Amin Mona, Nageeb Ahmed, Abuhashem Shadi, Saleh Abobakr, Awad Esraa, Raed Rana
Internal Medicine, Faculty of Medicine, Cairo University, Cairo, EGY.
Internal Medicine, Al-Quds University, Jerusalem, PSE.
Cureus. 2024 Sep 20;16(9):e69814. doi: 10.7759/cureus.69814. eCollection 2024 Sep.
Duodenal gastrointestinal stromal tumors (D-GISTs) are a rare subtype of GISTs, accounting for only 4% to 5% of all GIST cases. This case report details the presentation, diagnosis, and management of a 48-year-old female who presented with melena and anemia and was eventually diagnosed with a D-GIST. The tumor was identified through imaging studies, and histopathology performed after surgical resection revealed a submucosal neoplasm composed of spindle cells with extensive hemorrhage and necrosis. Given the tumor's rarity and its challenging presentation, which can mimic other conditions such as pancreatic masses, the case underscores the importance of considering D-GIST in differential diagnoses of duodenal or pancreatic lesions. Surgical resection remains the cornerstone of treatment, with adjuvant therapy considered in high-risk cases to prevent recurrence.

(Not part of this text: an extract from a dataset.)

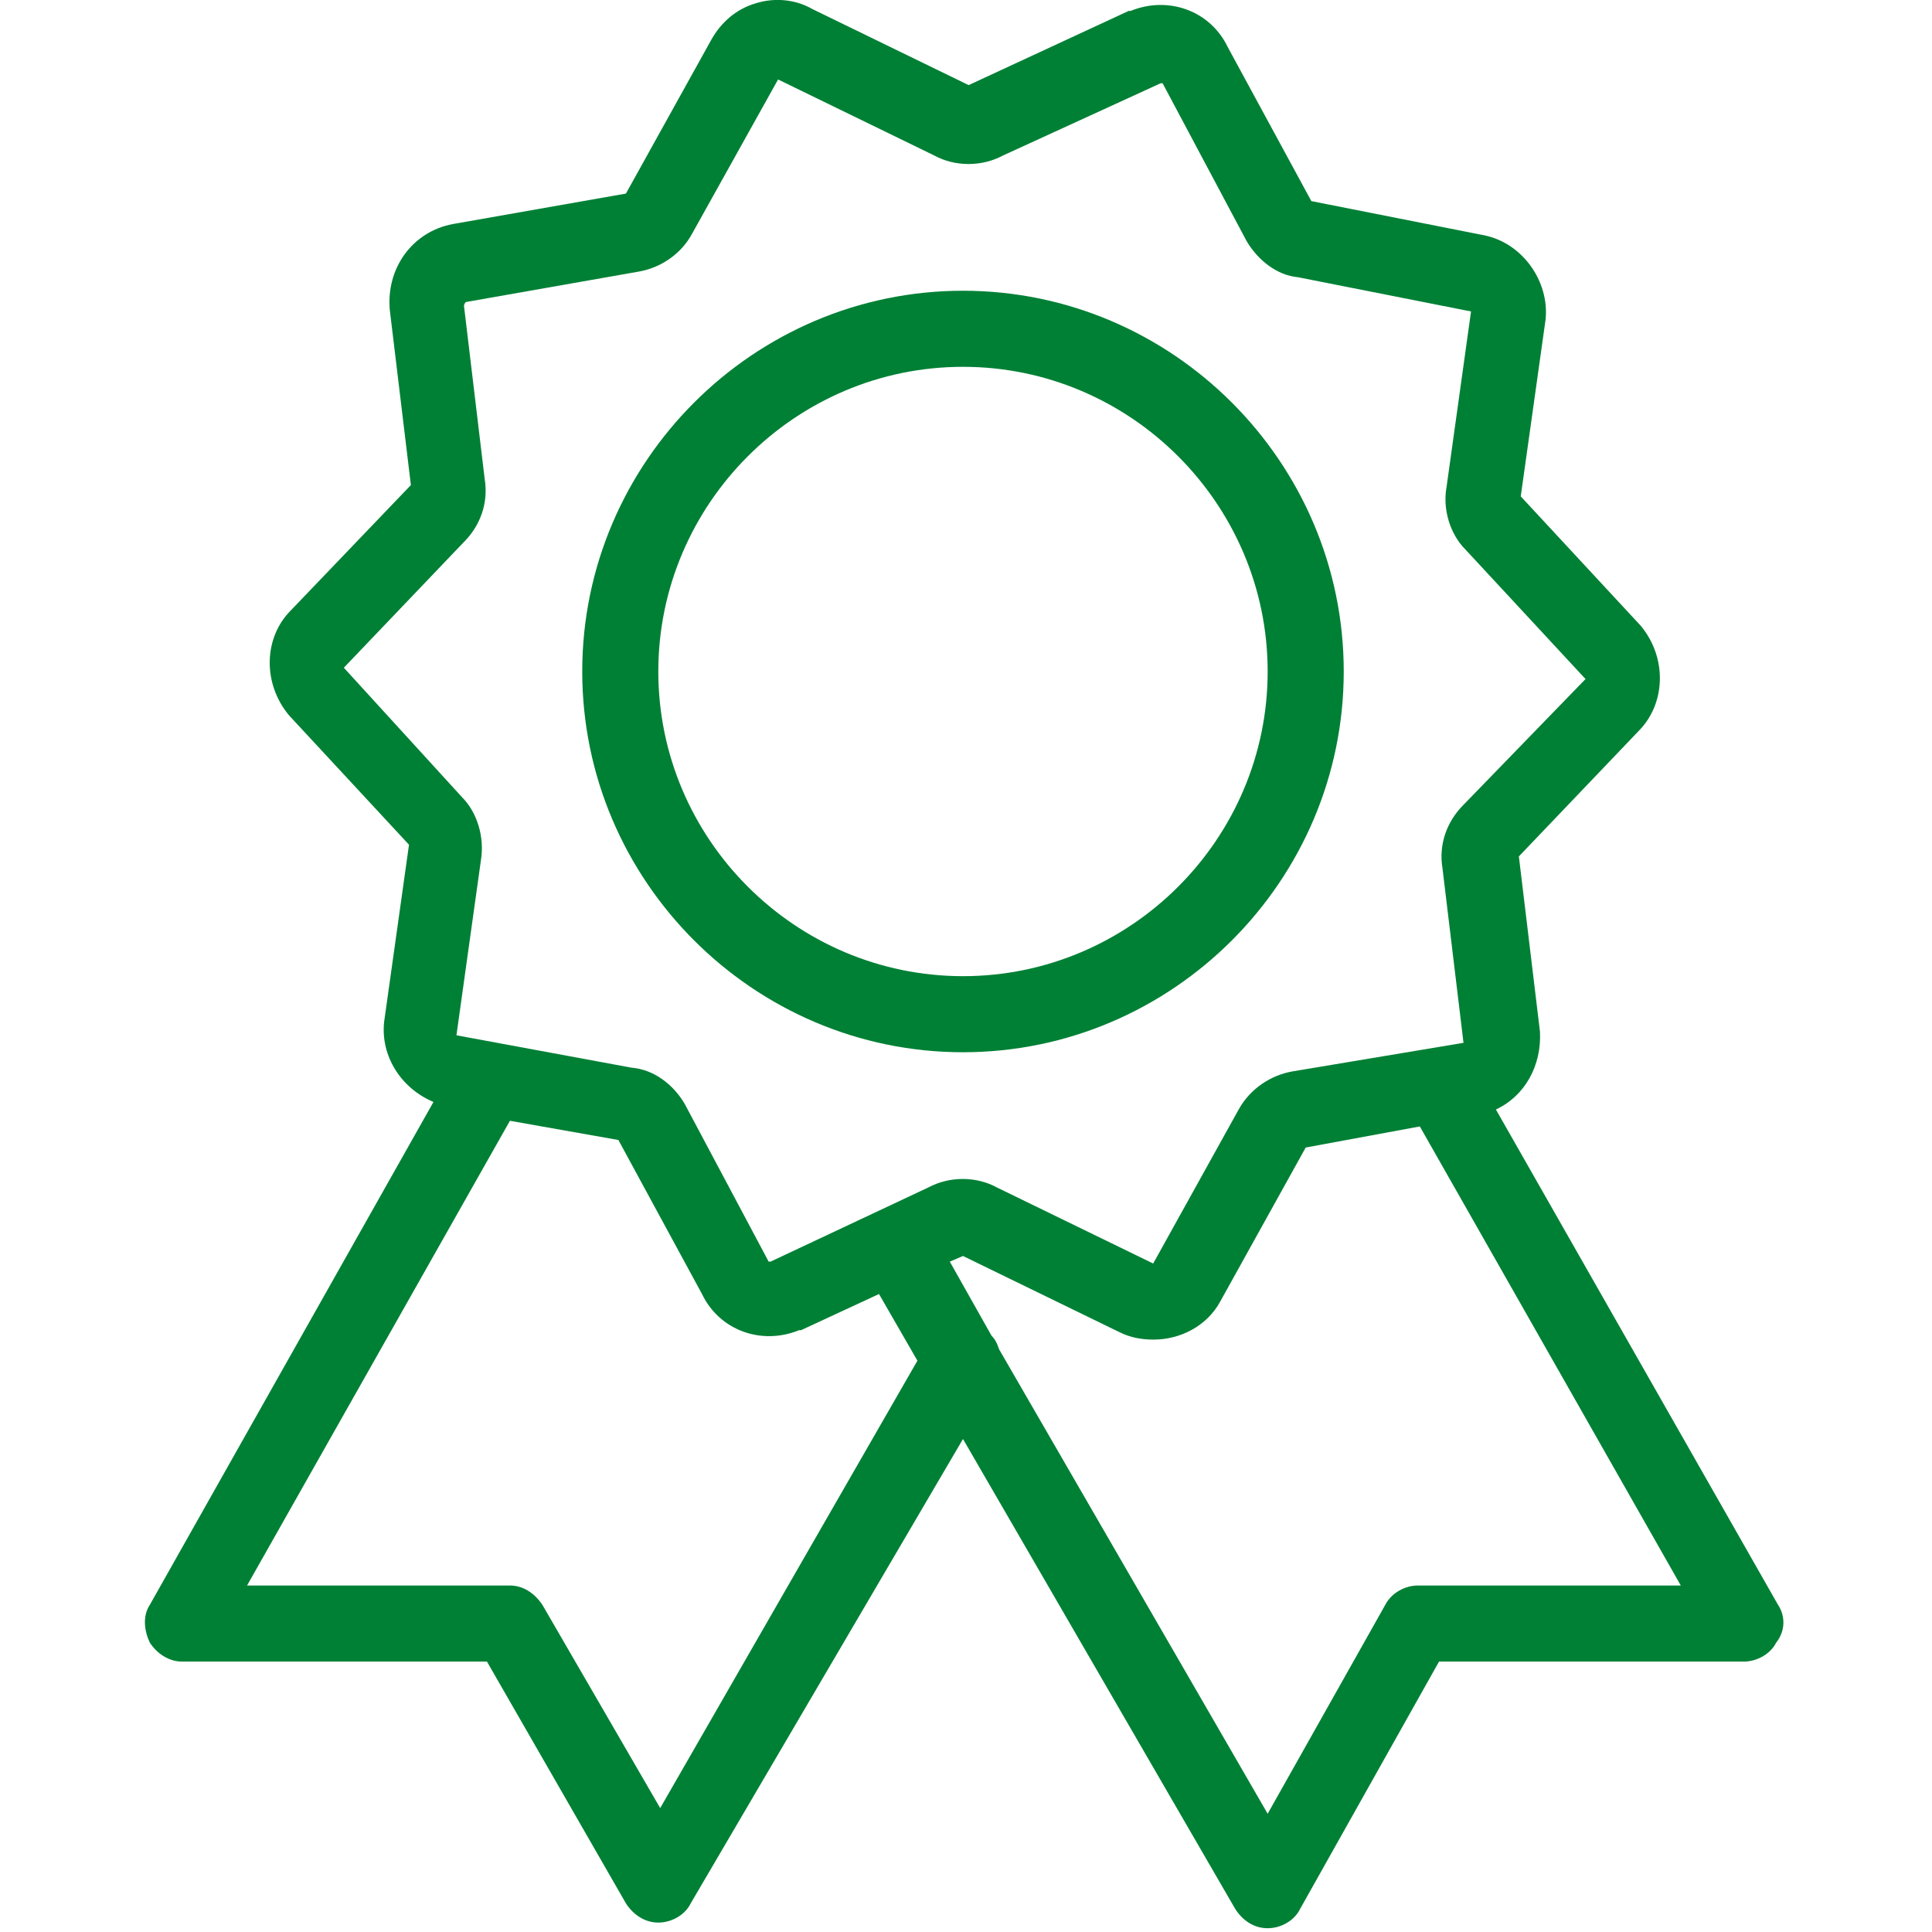 <svg version="1.2" xmlns="http://www.w3.org/2000/svg" viewBox="0 0 513 513" width="513" height="513"><style>.a{fill:#008035}</style><path class="a" d="m472.1 426.1l-74.9-131.5c7.6-3.5 12.2-11.6 11.7-20.7l-5.6-46.5 31.9-33.4c7-7.1 7.6-19.2 0.5-27.8l-31.9-34.4 6.6-47c1-10.1-6.1-20.2-16.2-22.3l-46-9.1-22.2-40.9c-4.6-9.6-15.7-13.7-25.8-9.6h-0.5l-42.5 19.7-41.5-20.2c-4.5-2.6-10.1-3.1-15.1-1.5-5.1 1.5-9.1 5-11.7 9.6l-22.7 40.9-46 8.1c-10.6 2-17.7 11.6-16.7 22.8l5.6 46.5-31.9 33.3c-7.1 7.1-7.6 19.2-0.5 27.8l31.9 34.4-6.6 47c-1 9.1 4.5 17.7 13.1 21.3l-75.3 133.5c-2 3-1.5 7 0 10.1 2 3 5.1 5 8.6 5h80.9l36.9 64.2c2 3.1 5.1 5.1 8.6 5.1 3.5 0 7.1-2 8.6-5.1l72.3-123.3 72.3 124.8c2 3.1 5 5.1 8.6 5.1 3.5 0 7.1-2 8.6-5.1l36.9-65.7h80.9c3.5 0 7.1-2 8.6-5 2.5-3.1 2.5-7.1 0.5-10.1zm-296.8 54l-31.3-54c-2.1-3.1-5.1-5.1-8.6-5.1h-69.8l69.8-123.4 28.8 5.1 22.2 40.9c4.6 9.6 15.7 13.7 25.8 9.6h0.5l20.7-9.6 10.2 17.7zm29.3-145.1c-0.5 0-0.5 0-0.5 0l-22.3-41.9c-3-5.1-8.1-9.1-14.1-9.6l-46.5-8.6 6.5-46.5c1-6.1-1-12.7-5-16.7l-31.4-34.4 31.9-33.4c4.5-4.5 6.5-10.6 5.5-16.7l-5.5-46c0 0 0-0.5 0.5-1l46-8.1c5.6-1 11.1-4.5 14.1-10.1l22.8-40.9 41.5 20.2c5.5 3 12.6 3 18.2 0l41.9-19.2c0.5 0 0.5 0 0.5 0l22.3 41.9c3 5.1 8.1 9.1 13.6 9.6l46 9.1-6.5 46.6c-1.1 6 1 12.6 5 16.6l31.9 34.4-32.4 33.4c-4.5 4.5-6.6 10.6-5.6 16.7l5.6 46.5-45.5 7.6c-5.6 1-11.1 4.5-14.2 10.1l-22.7 40.9-41.5-20.2c-5.5-3-12.6-3-18.2 0zm171.9 86c-3.5 0-7 2-8.6 5l-31.3 55.6-71.3-123.3c-0.5-1.5-1-2.6-2-3.6l-11.1-19.7 3.5-1.5 41.5 20.2c3 1.5 6 2 9.1 2 7 0 14.1-3.5 17.7-10.1l22.7-40.9 30.3-5.6 69.3 121.9z"/><path class="a" d="m356.8 178.3c0-55.6-45.5-101.1-101.1-101.1-55.6 0-101.1 45.5-101.1 101.1 0 55.6 45.5 101.1 101.1 101.1 55.6 0 101.1-45.5 101.1-101.1zm-101.1 80.9c-44.5 0-80.9-36.4-80.9-80.9 0-44.5 36.4-80.9 80.9-80.9 44.5 0 80.9 36.4 80.9 80.9 0 44.5-36.4 80.9-80.9 80.9z"/></svg>

十二指肠胃肠道间质瘤(D-GISTs)是胃肠道间质瘤的一种罕见亚型,仅占所有胃肠道间质瘤病例的4%至5%。本病例报告详细介绍了一名48岁女性的临床表现、诊断和治疗过程,该女性因黑便和贫血就诊,最终被诊断为D-GIST。通过影像学检查发现肿瘤,手术切除后进行的组织病理学检查显示为一种由梭形细胞组成的黏膜下肿瘤,伴有广泛出血和坏死。鉴于该肿瘤的罕见性及其具有挑战性的表现,可能会被误诊为其他疾病,如胰腺肿块,该病例强调了在十二指肠或胰腺病变的鉴别诊断中考虑D-GIST的重要性。手术切除仍然是治疗的基石,高危病例可考虑辅助治疗以预防复发。